Dataset items

┄┄┄┄┄┄

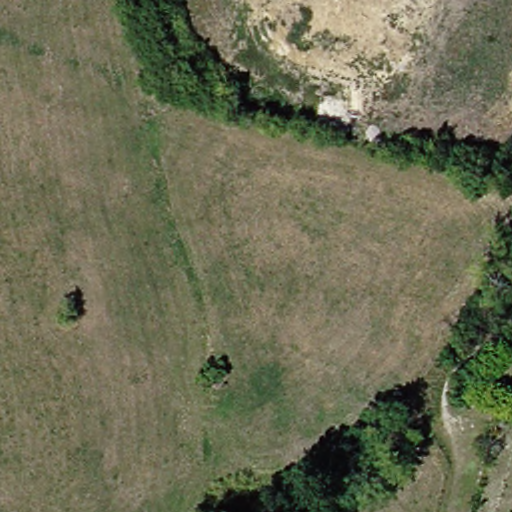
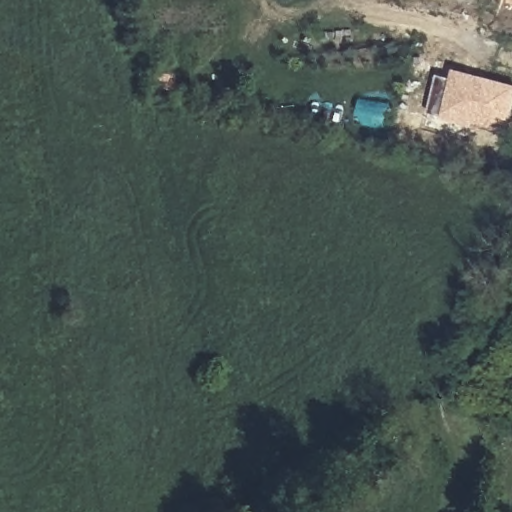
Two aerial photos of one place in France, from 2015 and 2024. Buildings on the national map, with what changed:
new [(508,0),(512,0),(512,2),(507,0),(508,0)]
new [(471,121),(470,125),(427,113),(436,72),(450,76),(453,66),(512,83),(512,106),(506,129),(471,121)]

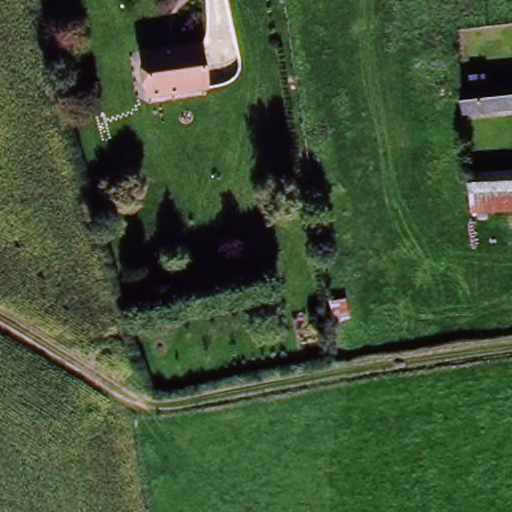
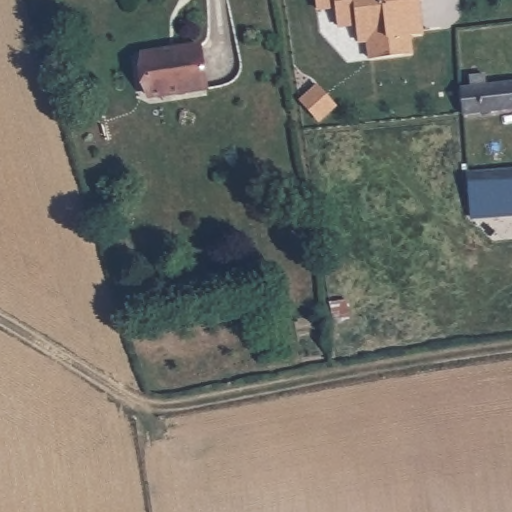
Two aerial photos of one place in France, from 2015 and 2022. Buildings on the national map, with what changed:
new [(412,35),(414,54),(370,62),(367,42),(358,43),(355,27),(336,27),(335,9),(317,11),(316,0),(421,0),(423,36),(412,35)]
unchanged [(203,41),(209,85),(149,92),(144,48),(203,41)]
unchanged [(512,82),(512,109),(465,113),(463,86),(512,82)]
unchanged [(512,166),(512,209),(468,215),(466,168),(512,166)]

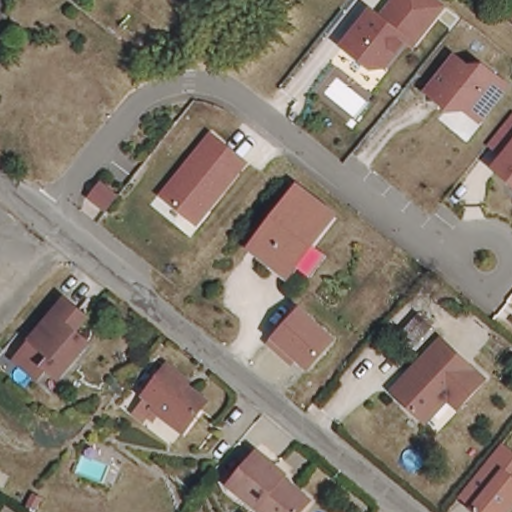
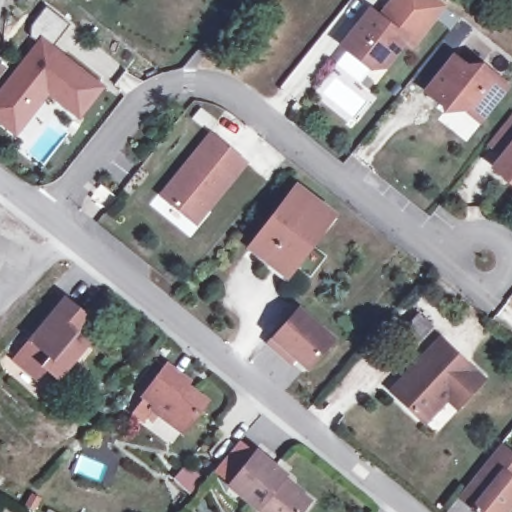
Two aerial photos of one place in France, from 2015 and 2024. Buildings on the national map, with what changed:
unchanged [(369,8),(378,16),(391,0),(439,0),(449,8),(413,53),(406,49),(388,73),(370,73),(338,47),(369,7),(369,8)]
new [(35,42),(28,36),(30,27),(46,6),(70,25),(52,45),(104,85),(79,120),(48,95),(16,136),(0,124),(0,89),(35,42)]
unchanged [(475,62),(481,54),(512,80),(512,87),(478,128),(451,106),(446,112),(421,88),(453,46),(475,62)]
unchanged [(502,156),(488,145),(512,117),(512,185),(492,170),(502,156)]
unchanged [(213,132),(250,165),(196,229),(158,197),(213,132)]
unchanged [(292,183),(332,216),(289,271),(248,243),(292,183)]
unchanged [(62,371),(50,362),(41,372),(20,355),(70,296),(83,307),(91,313),(79,326),(91,336),(62,371)]
unchanged [(297,309),(336,342),(309,374),(271,341),(297,309)]
new [(419,314),(431,325),(409,350),(397,338),(419,314)]
unchanged [(424,414),(395,387),(443,335),(486,375),(461,403),(450,393),(428,417),(424,414)]
unchanged [(143,390),(165,362),(186,378),(183,382),(203,397),(181,425),(153,402),(155,399),(143,390)]
unchanged [(512,453),(512,506),(507,512),(471,512),(469,511),(457,497),(502,445),(512,453)]
unchanged [(227,482),(256,449),(284,470),(281,474),(306,496),(293,512),(265,512),(227,482)]

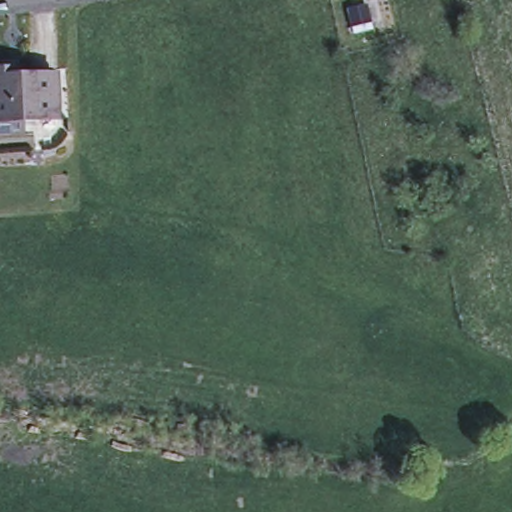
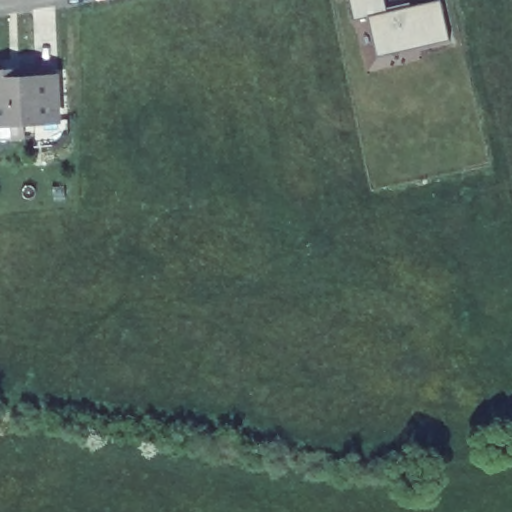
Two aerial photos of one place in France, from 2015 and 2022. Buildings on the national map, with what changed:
new [(377,55),(368,18),(354,20),(350,0),(385,0),(387,7),(410,2),(411,6),(438,0),(441,0),(450,39),(377,55)]
unchanged [(0,131),(0,66),(17,65),(17,72),(61,70),(63,114),(29,115),(30,130),(0,131)]

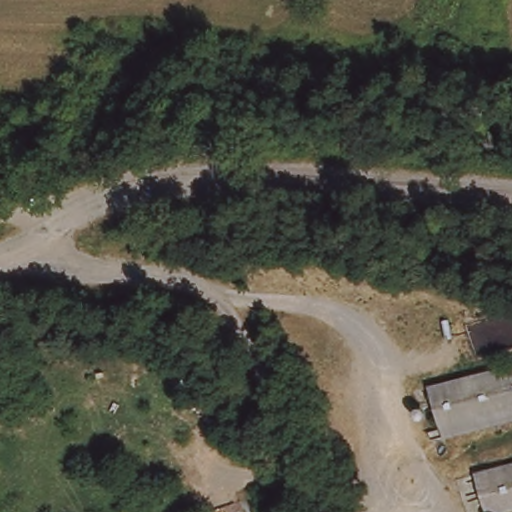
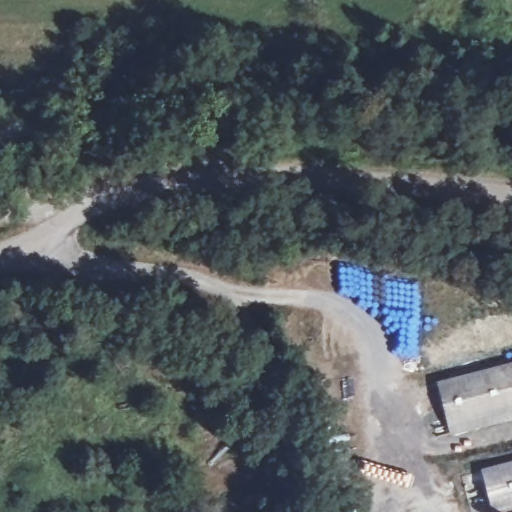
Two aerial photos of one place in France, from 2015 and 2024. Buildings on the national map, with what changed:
unchanged [(445,435),(433,392),(512,368),(512,415),(445,435)]
unchanged [(507,512),(494,512),(484,472),(512,464),(512,511),(507,512)]

┄┄┄┄┄┄

> _YOUR ASSIGNMENT_
All of the records above should be reproduced exactly, with the pictures left out.

> _SOLUTION FOR THIS EXERCISE_
Two aerial photos of one place in France, from 2015 and 2024. Buildings on the national map, with what changed:
new [(508,0),(512,0),(512,2),(507,0),(508,0)]
new [(471,121),(470,125),(427,113),(436,72),(450,76),(453,66),(512,83),(512,106),(506,129),(471,121)]

Two aerial photos of one place in France, from 2015 and 2022. Buildings on the national map, with what changed:
new [(412,35),(414,54),(370,62),(367,42),(358,43),(355,27),(336,27),(335,9),(317,11),(316,0),(421,0),(423,36),(412,35)]
unchanged [(203,41),(209,85),(149,92),(144,48),(203,41)]
unchanged [(512,82),(512,109),(465,113),(463,86),(512,82)]
unchanged [(512,166),(512,209),(468,215),(466,168),(512,166)]

Two aerial photos of one place in France, from 2015 and 2024. Buildings on the national map, with what changed:
unchanged [(369,8),(378,16),(391,0),(439,0),(449,8),(413,53),(406,49),(388,73),(370,73),(338,47),(369,7),(369,8)]
new [(35,42),(28,36),(30,27),(46,6),(70,25),(52,45),(104,85),(79,120),(48,95),(16,136),(0,124),(0,89),(35,42)]
unchanged [(475,62),(481,54),(512,80),(512,87),(478,128),(451,106),(446,112),(421,88),(453,46),(475,62)]
unchanged [(502,156),(488,145),(512,117),(512,185),(492,170),(502,156)]
unchanged [(213,132),(250,165),(196,229),(158,197),(213,132)]
unchanged [(292,183),(332,216),(289,271),(248,243),(292,183)]
unchanged [(62,371),(50,362),(41,372),(20,355),(70,296),(83,307),(91,313),(79,326),(91,336),(62,371)]
unchanged [(297,309),(336,342),(309,374),(271,341),(297,309)]
new [(419,314),(431,325),(409,350),(397,338),(419,314)]
unchanged [(424,414),(395,387),(443,335),(486,375),(461,403),(450,393),(428,417),(424,414)]
unchanged [(143,390),(165,362),(186,378),(183,382),(203,397),(181,425),(153,402),(155,399),(143,390)]
unchanged [(512,453),(512,506),(507,512),(471,512),(469,511),(457,497),(502,445),(512,453)]
unchanged [(227,482),(256,449),(284,470),(281,474),(306,496),(293,512),(265,512),(227,482)]

Two aerial photos of one place in France, from 2015 and 2022. Buildings on the national map, with what changed:
new [(377,55),(368,18),(354,20),(350,0),(385,0),(387,7),(410,2),(411,6),(438,0),(441,0),(450,39),(377,55)]
unchanged [(0,131),(0,66),(17,65),(17,72),(61,70),(63,114),(29,115),(30,130),(0,131)]

Two aerial photos of one place in France, from 2015 and 2024. Buildings on the national map, with what changed:
unchanged [(445,435),(433,392),(512,368),(512,415),(445,435)]
unchanged [(507,512),(494,512),(484,472),(512,464),(512,511),(507,512)]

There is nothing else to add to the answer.